ローがそれを望み、未だに返さず、ずっと抱きしめている。

マリンフォードでの戦争が始まる前にローはネッドの心臓を求めた。例え一時でも、ネッドが自分の元から離れるのが嫌だったローは、離れる代わりにネッドの一部を求めた。
ぽっかりと空いた胸にローは自分の心臓を差し出し、これを代わりに持てと無茶を言った。

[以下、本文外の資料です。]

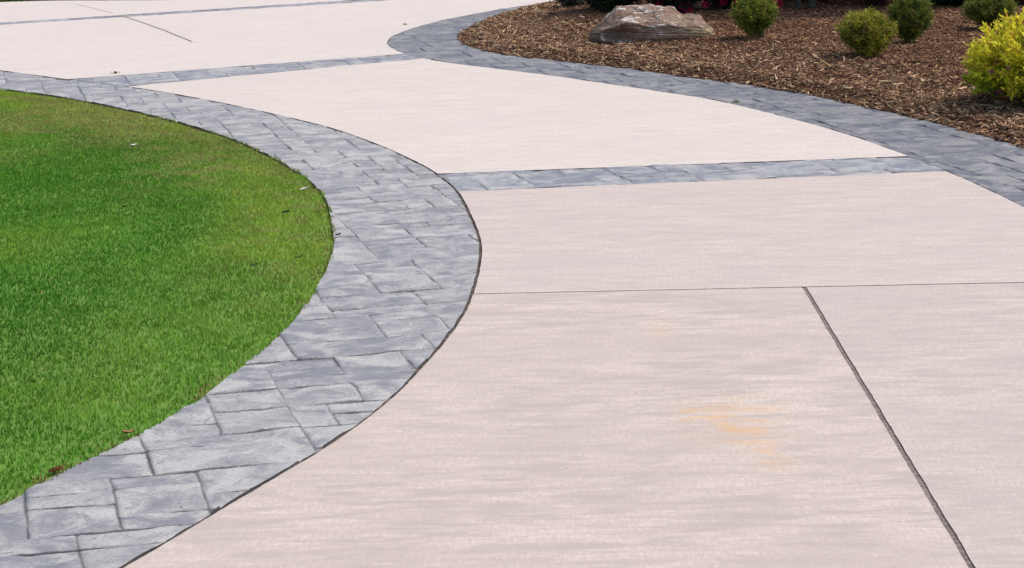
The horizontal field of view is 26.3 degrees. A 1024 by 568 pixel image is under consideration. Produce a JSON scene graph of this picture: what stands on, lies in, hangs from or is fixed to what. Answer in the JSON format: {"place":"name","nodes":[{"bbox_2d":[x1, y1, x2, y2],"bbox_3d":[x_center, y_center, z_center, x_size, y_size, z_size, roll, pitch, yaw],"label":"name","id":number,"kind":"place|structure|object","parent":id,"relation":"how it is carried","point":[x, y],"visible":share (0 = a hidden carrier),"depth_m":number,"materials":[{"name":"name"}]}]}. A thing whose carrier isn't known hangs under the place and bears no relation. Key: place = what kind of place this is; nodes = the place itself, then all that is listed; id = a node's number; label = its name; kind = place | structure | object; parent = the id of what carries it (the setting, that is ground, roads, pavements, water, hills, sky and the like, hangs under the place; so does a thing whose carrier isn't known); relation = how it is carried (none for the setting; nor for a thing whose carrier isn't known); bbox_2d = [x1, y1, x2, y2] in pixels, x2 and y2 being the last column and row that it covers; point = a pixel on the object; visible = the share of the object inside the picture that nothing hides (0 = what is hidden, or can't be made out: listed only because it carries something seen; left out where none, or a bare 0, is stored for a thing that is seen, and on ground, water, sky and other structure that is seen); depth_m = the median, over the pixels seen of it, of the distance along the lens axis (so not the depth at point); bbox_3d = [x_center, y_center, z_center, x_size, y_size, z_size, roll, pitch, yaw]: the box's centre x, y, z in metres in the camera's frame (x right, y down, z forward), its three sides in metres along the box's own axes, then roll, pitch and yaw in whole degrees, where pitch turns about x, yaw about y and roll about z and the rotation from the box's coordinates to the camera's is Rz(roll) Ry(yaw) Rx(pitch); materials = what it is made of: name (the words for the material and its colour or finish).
{"place":"outdoors","nodes":[
{"label":"outdoors","id":0,"kind":"place"},
{"bbox_2d":[0,0,104,1],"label":"grass","id":1,"kind":"structure","parent":0,"point":[28,0],"depth_m":27.84,"materials":[{"name":"green plant"}]},
{"bbox_2d":[0,88,335,504],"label":"lawn","id":2,"kind":"structure","parent":0,"point":[63,440],"depth_m":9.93,"materials":[{"name":"plant"}]},
{"bbox_2d":[49,465,63,471],"bbox_3d":[-1.581,0.641,7.610,0.060,0.018,0.045,-5,-22,-40],"label":"dead leaf","id":3,"kind":"object","parent":2,"relation":"on","point":[55,469],"visible":1,"depth_m":7.59,"materials":[{"name":"brown plant"}]},
{"bbox_2d":[122,430,134,432],"bbox_3d":[-1.408,0.540,8.053,0.037,0.013,0.039,3,13,19],"label":"dead leaf","id":4,"kind":"object","parent":2,"relation":"on","point":[127,431],"visible":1,"depth_m":8.06,"materials":[{"name":"beige plant"}]},
{"bbox_2d":[0,0,354,22],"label":"driveway slab","id":5,"kind":"structure","parent":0,"point":[22,11],"depth_m":26.61,"materials":[{"name":"concrete"}]},
{"bbox_2d":[0,0,382,24],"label":"paving strip","id":6,"kind":"object","parent":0,"point":[179,12],"visible":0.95,"depth_m":25.81,"materials":[{"name":"concrete"}]},
{"bbox_2d":[0,71,478,567],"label":"border paving","id":7,"kind":"structure","parent":0,"point":[366,332],"depth_m":9.11,"materials":[{"name":"concrete"}]},
{"bbox_2d":[4,71,481,567],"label":"joint filler","id":8,"kind":"object","parent":7,"relation":"on","point":[475,280],"visible":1,"depth_m":9.70,"materials":[{"name":"black rubber"}]},
{"bbox_2d":[67,54,421,86],"bbox_3d":[-2.253,-1.871,19.635,3.277,0.098,0.852,-7,14,-27],"label":"paving strip","id":9,"kind":"object","parent":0,"point":[156,78],"visible":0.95,"depth_m":19.58,"materials":[{"name":"stone"}]},
{"bbox_2d":[0,0,554,79],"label":"driveway slab","id":10,"kind":"structure","parent":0,"point":[78,49],"depth_m":22.73,"materials":[{"name":"concrete"}]},
{"bbox_2d":[124,16,190,40],"bbox_3d":[-3.863,-2.784,23.836,0.047,0.001,3.406,-6,13,-21],"label":"joint sealant","id":11,"kind":"object","parent":10,"relation":"on","point":[160,28],"visible":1,"depth_m":23.62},
{"bbox_2d":[128,58,907,174],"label":"driveway slab","id":12,"kind":"structure","parent":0,"point":[438,117],"depth_m":16.14,"materials":[{"name":"beige concrete"}]},
{"bbox_2d":[124,287,967,567],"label":"driveway slab","id":13,"kind":"structure","parent":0,"point":[724,428],"depth_m":7.59,"materials":[{"name":"concrete"}]},
{"bbox_2d":[439,157,945,190],"bbox_3d":[1.100,-0.653,13.634,3.068,0.097,0.691,-3,12,-7],"label":"paving strip","id":14,"kind":"object","parent":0,"point":[504,180],"visible":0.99,"depth_m":13.60,"materials":[{"name":"stone"}]},
{"bbox_2d":[388,6,1023,206],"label":"border paving","id":15,"kind":"structure","parent":0,"point":[992,165],"depth_m":16.50,"materials":[{"name":"concrete"}]},
{"bbox_2d":[455,0,1023,147],"bbox_3d":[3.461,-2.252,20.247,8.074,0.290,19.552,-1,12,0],"label":"mulch","id":16,"kind":"object","parent":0,"point":[531,23],"visible":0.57,"depth_m":19.09,"materials":[{"name":"brown wood"}]},
{"bbox_2d":[555,0,586,6],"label":"ground cover plant","id":17,"kind":"object","parent":16,"relation":"on","point":[571,2],"visible":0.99,"depth_m":24.03,"materials":[{"name":"green plant"}]},
{"bbox_2d":[586,0,642,12],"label":"evergreen shrub","id":18,"kind":"object","parent":16,"relation":"on","point":[609,5],"visible":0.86,"depth_m":23.07,"materials":[{"name":"green plant"}]},
{"bbox_2d":[589,4,714,42],"bbox_3d":[1.306,-2.443,20.515,1.173,0.294,0.838,-1,12,3],"label":"boulder","id":19,"kind":"object","parent":16,"relation":"on","point":[653,23],"visible":0.99,"depth_m":20.27,"materials":[{"name":"stone"}]},
{"bbox_2d":[645,0,708,12],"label":"azalea bush","id":20,"kind":"object","parent":16,"relation":"on","point":[682,6],"visible":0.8,"depth_m":22.68,"materials":[{"name":"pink plant"}]},
{"bbox_2d":[704,0,782,9],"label":"azalea bush","id":21,"kind":"object","parent":16,"relation":"on","point":[725,4],"visible":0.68,"depth_m":22.85,"materials":[{"name":"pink plant"}]},
{"bbox_2d":[729,0,781,37],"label":"globe shrub","id":22,"kind":"object","parent":16,"relation":"on","point":[753,17],"visible":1,"depth_m":19.86,"materials":[{"name":"green plant"}]},
{"bbox_2d":[794,0,815,8],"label":"multi stem tree","id":23,"kind":"object","parent":16,"relation":"on","point":[797,3],"depth_m":22.97,"materials":[{"name":"grey plant"}]},
{"bbox_2d":[833,5,898,58],"bbox_3d":[2.990,-2.101,18.486,0.563,0.486,0.549,-1,12,0],"label":"globe shrub","id":24,"kind":"object","parent":16,"relation":"on","point":[878,29],"visible":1,"depth_m":18.36,"materials":[{"name":"green plant"}]},
{"bbox_2d":[847,0,888,5],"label":"barberry bush","id":25,"kind":"object","parent":16,"relation":"on","point":[875,2],"visible":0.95,"depth_m":23.02,"materials":[{"name":"red plant"}]},
{"bbox_2d":[885,0,934,42],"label":"globe shrub","id":26,"kind":"object","parent":16,"relation":"on","point":[914,18],"visible":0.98,"depth_m":19.23,"materials":[{"name":"green plant"}]},
{"bbox_2d":[927,0,968,6],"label":"evergreen shrub","id":27,"kind":"object","parent":16,"relation":"on","point":[950,2],"visible":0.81,"depth_m":22.78,"materials":[{"name":"green plant"}]},
{"bbox_2d":[960,0,1019,28],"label":"globe shrub","id":28,"kind":"object","parent":16,"relation":"on","point":[985,11],"visible":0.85,"depth_m":20.26,"materials":[{"name":"green plant"}]},
{"bbox_2d":[961,7,1023,100],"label":"golden bush","id":29,"kind":"object","parent":16,"relation":"on","point":[996,63],"visible":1,"depth_m":15.61,"materials":[{"name":"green plant"}]},
{"bbox_2d":[1012,0,1023,4],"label":"barberry bush","id":30,"kind":"object","parent":16,"relation":"on","point":[1021,2],"visible":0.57,"depth_m":22.77,"materials":[{"name":"red plant"}]},
{"bbox_2d":[458,171,1023,293],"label":"driveway slab","id":31,"kind":"structure","parent":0,"point":[926,228],"depth_m":11.59,"materials":[{"name":"concrete"}]},
{"bbox_2d":[806,283,1023,567],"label":"driveway slab","id":32,"kind":"structure","parent":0,"point":[939,368],"depth_m":8.50,"materials":[{"name":"concrete"}]},
{"bbox_2d":[803,288,974,567],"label":"joint filler","id":33,"kind":"object","parent":32,"relation":"on","point":[950,531],"visible":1,"depth_m":7.75,"materials":[{"name":"black rubber"}]}
]}

これでは死ねない。ネッドには死ぬつもりも欠けるつもりも全く無かったが、信用しないローの執着を改めて強く感じさせられた。
ローは信用しない。この手が離れることをずっと恐れたままだ。どこにも行かないのに。ずっとそばに居ると誓ったのに、ローは信じない。
それが時に不安を生む。

もしも、ローは、自分がエースのような終わりを迎えたらどうなってしまうのだろうか。

人は遅かれ早かれ死ぬものだ。
ネッドは自分が大往生して死ぬのかも道半ばにして死ぬのかも生きている今は分からなかったが、ローを置いて先に逝く事だけは分かっていた。

「…ロー」

ネッドはローを愛している。
たったひとりの家族で、愛しい弟だ。
ネッドは怨まれてても良かった。憎まれてても良かった。
ただ健やかであればそれ以上何も望んでない。

死を恐れぬ人間などいないとネッドは思う。
遅かれ早かれ不意に突然ゆっくりと命を取り落とす。

彼の魂を傷つけて殺すのは自分だと分かっていたネッドは、ローの心臓を抱きしめたまま遠い未来の自分をひどく怨んだ。